In etlichen Reden, die Erdogan in der Türkei und im Ausland gehalten hat, verglich er die angebliche Bedrohung durch Terrorismus im Inland mit den jüngsten Entwicklungen in Ägypten. Erdogan ist ein fester Verbündeter des gestürzten ägyptischen Präsidenten Mohammed Mursi und hat die westlichen Regierungen kritisiert, weil sie nicht direkt in Ägypten interveniert haben, um Mursi nach dem Militärputsch am 3. Juli zurück an die Macht zu bringen.

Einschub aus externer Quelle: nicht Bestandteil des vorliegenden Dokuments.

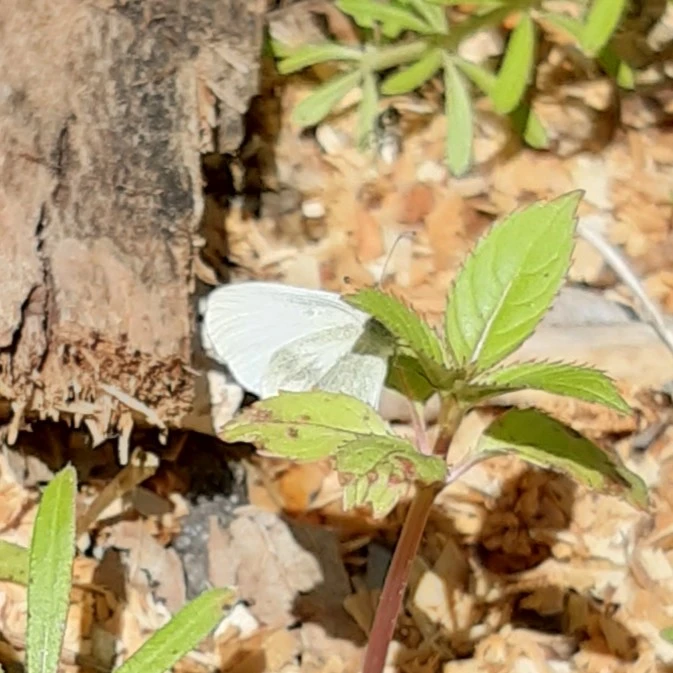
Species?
Leptidea sinapis/juvernica
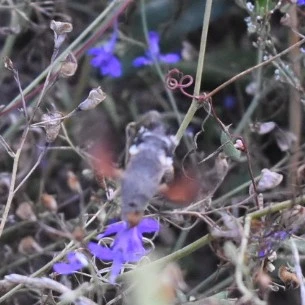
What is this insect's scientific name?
Macroglossum stellatarum
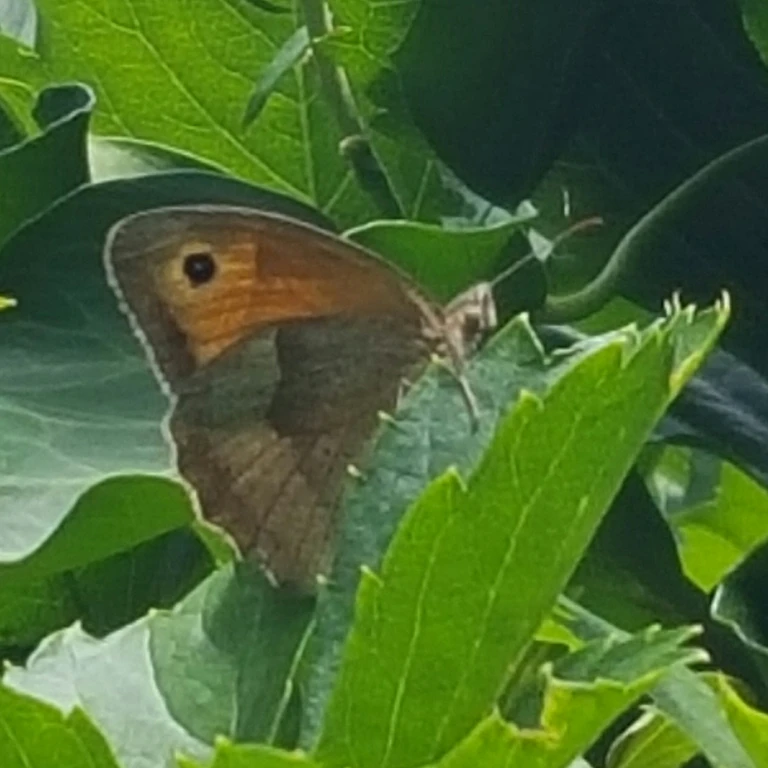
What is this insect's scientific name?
Maniola jurtina

Durch seine brutale Reaktion auf die jüngsten Proteste in der Türkei zeigt Erdogan, dass er fürchtet, sein eigenes Regime könnte das gleiche Schicksal erleiden wie das seines Verbündeten Mursi.

Gleichzeitig konnte sich Erdogan bei der Unterdrückung des Widerstandes in der Türkei wegen seiner Unterstützung für die Kriege der USA im Nahen Osten auf die bedingungslose Unterstützung durch die US-Regierung und vor allem auf Präsident Barack Obama verlassen.

Obwohl der Grund für den Widerstand der Massen gegen Erdogan in den Klassenantagonismen und tiefer sozialer Ungleichheit sowie der Feindschaft gegenüber Erdogans proamerikanischer Außenpolitik zu suchen ist, finden diese Fragen keinen Ausdruck in der Perspektive der Gruppen, die die Proteste im Gezi-Park organisieren.

Die 127 Gruppen der Taksim-Solidaritätsplattform versuchten von Anfang an sicherzustellen, dass keine größeren sozialen und politischen Forderungen erhoben werden.

In seiner Stellungnahme vom 5. Juni beschränkte das Solidaritätskomitee seine Forderungen auf ein Ende der Bauarbeiten im Park und ein Ende der Polizeigewalt.

Nachdem Erdogan Mitte Juni eine massive Polizeiaktion angeordnet hatte, um die Demonstranten aus dem Gezi-Park zu vertreiben, trat das Komitee in Verhandlungen mit Vertretern der Regierung. Es akzeptierte das Zugeständnis des Stadtrates von Istanbul, dass ein Referendum über das Schicksal des Parks abgehalten würde.